TASK OBJECTIVE: Write out every entry exactly as it appears, omitting the pictures.

● ● ●

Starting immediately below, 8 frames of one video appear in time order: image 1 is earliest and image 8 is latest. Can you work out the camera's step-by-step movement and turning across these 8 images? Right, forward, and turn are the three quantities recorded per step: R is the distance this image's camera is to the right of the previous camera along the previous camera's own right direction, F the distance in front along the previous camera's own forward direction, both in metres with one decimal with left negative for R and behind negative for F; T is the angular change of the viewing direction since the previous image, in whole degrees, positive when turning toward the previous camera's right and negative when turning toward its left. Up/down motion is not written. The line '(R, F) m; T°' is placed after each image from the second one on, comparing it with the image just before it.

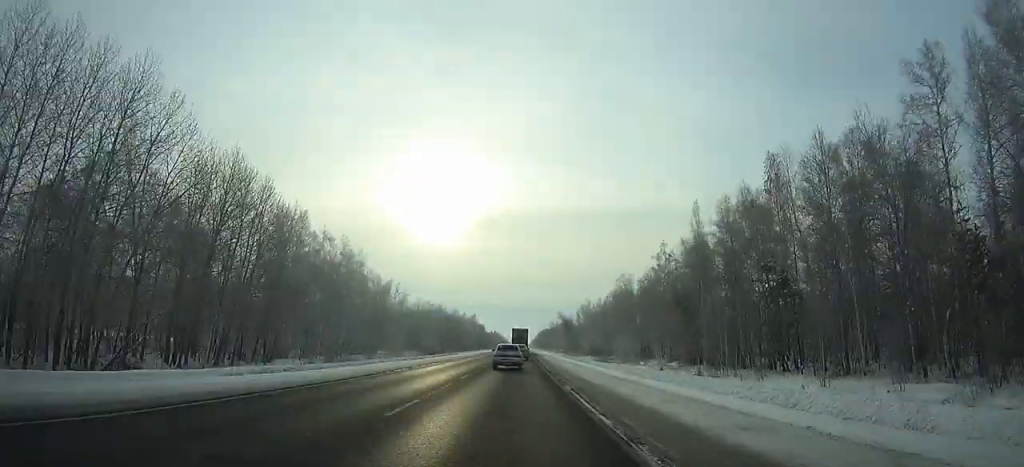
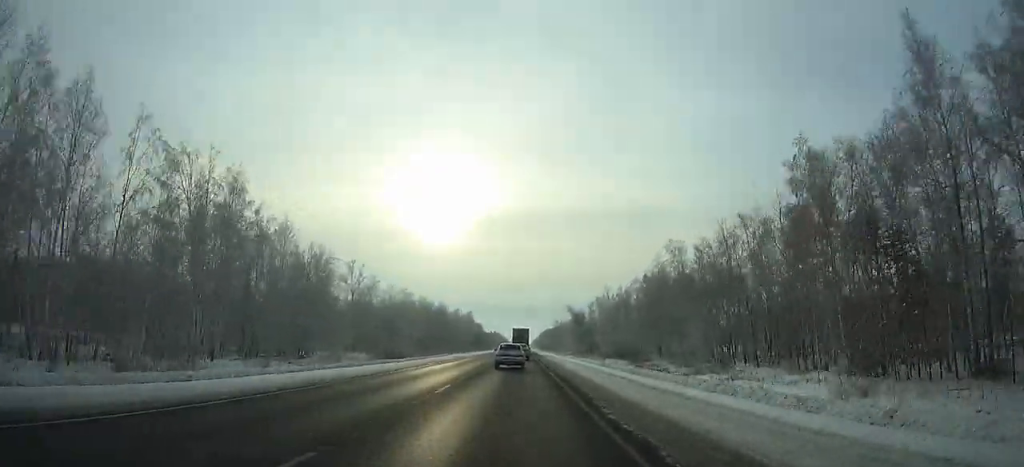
(0.0, +42.1) m; 0°
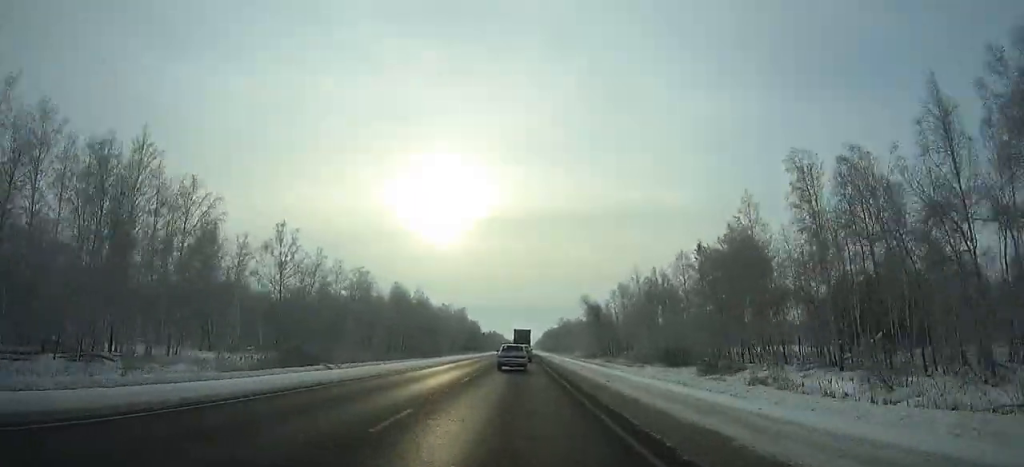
(-0.1, +42.5) m; 0°
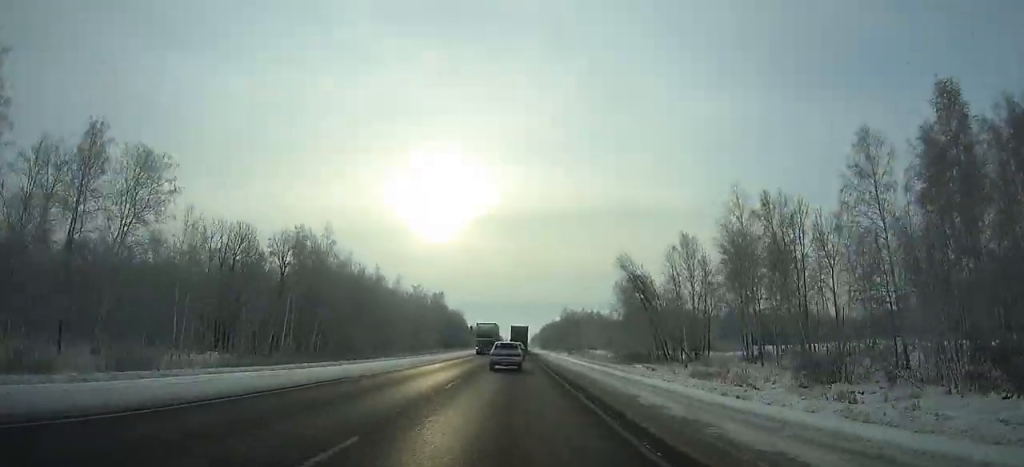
(0.0, +62.7) m; 0°
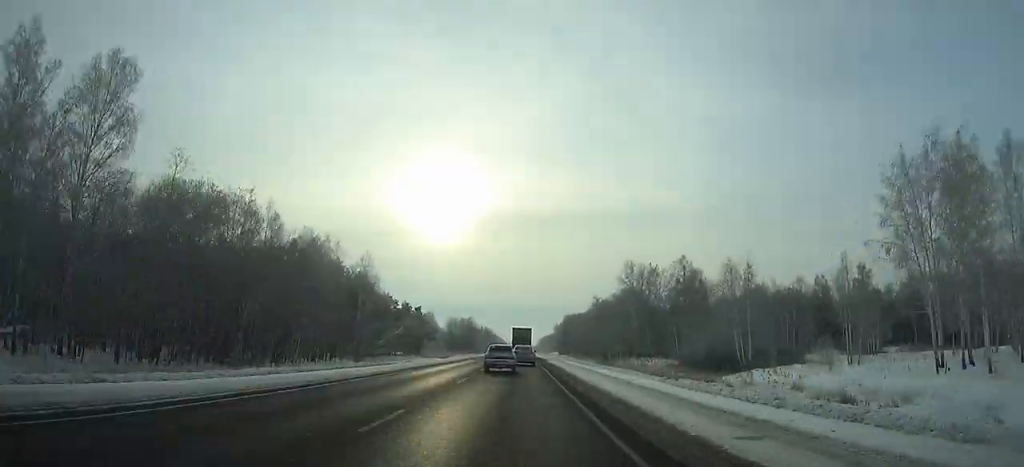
(+0.5, +187.2) m; 0°
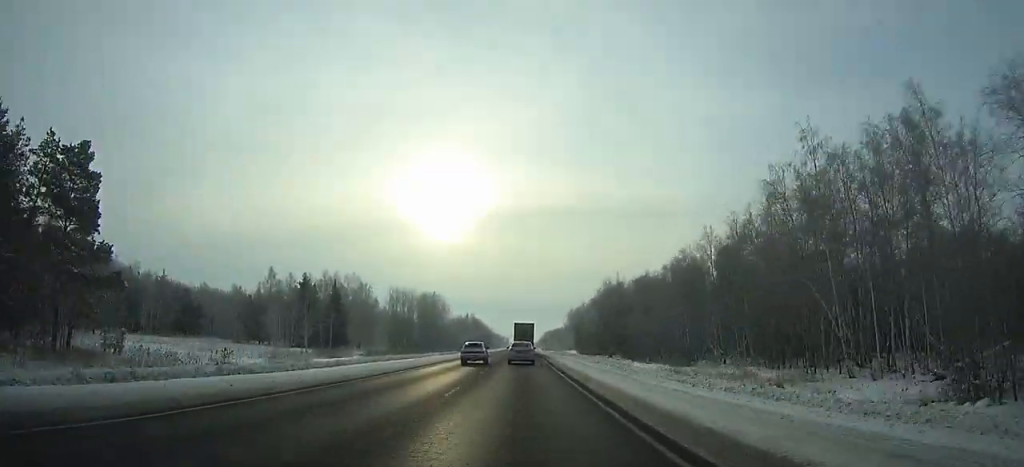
(0.0, +125.0) m; 0°
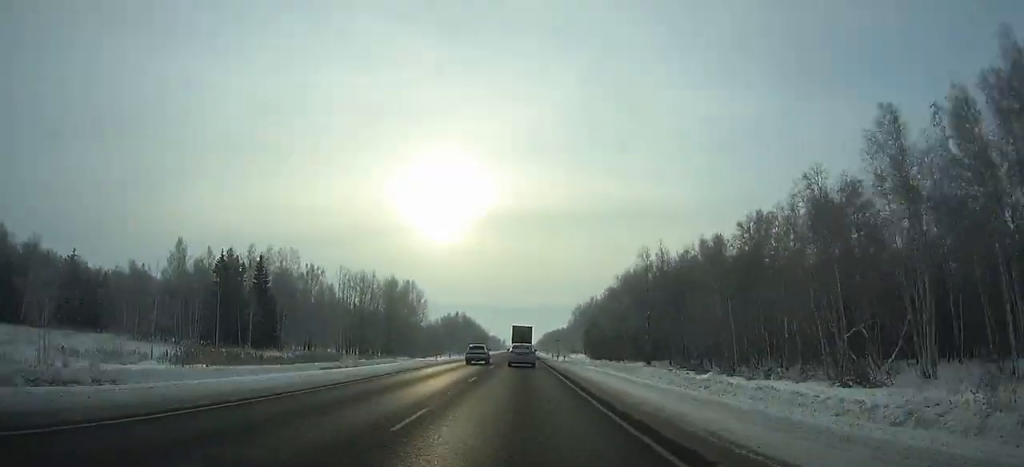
(0.0, +41.1) m; 0°
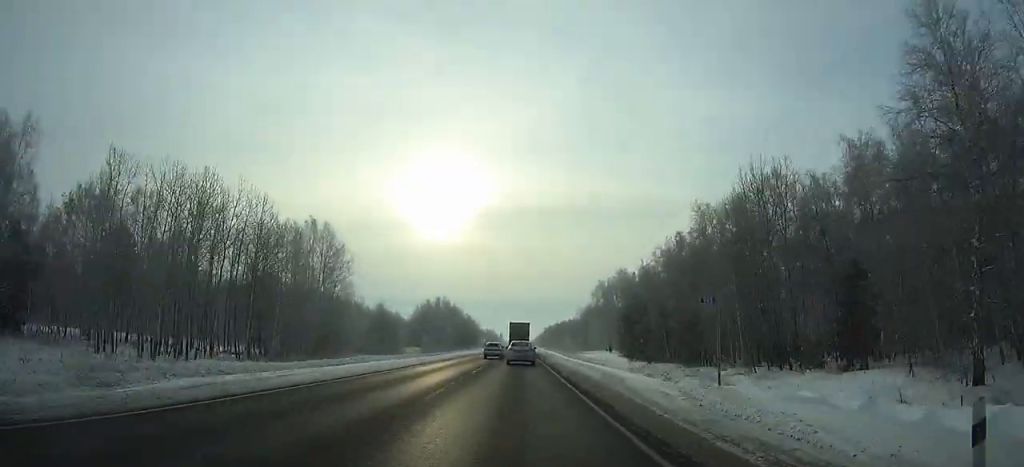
(+0.1, +67.2) m; 0°

● ● ●

THE ANSWER:
Starting immediately below, 8 frames of one video appear in time order: image 1 is earliest and image 8 is latest. Can you work out the camera's step-by-step movement and turning across these 8 images? Right, forward, and turn are the three quantities recorded per step: R is the distance this image's camera is to the right of the previous camera along the previous camera's own right direction, F the distance in front along the previous camera's own forward direction, both in metres with one decimal with left negative for R and behind negative for F; T is the angular change of the viewing direction since the previous image, in whole degrees, positive when turning toward the previous camera's right and negative when turning toward its left. Up/down motion is not written. The line '(R, F) m; T°' is placed after each image from the second one on, comparing it with the image just before it.

(0.0, +42.1) m; 0°
(-0.1, +42.5) m; 0°
(0.0, +62.7) m; 0°
(+0.5, +187.2) m; 0°
(0.0, +125.0) m; 0°
(0.0, +41.1) m; 0°
(+0.1, +67.2) m; 0°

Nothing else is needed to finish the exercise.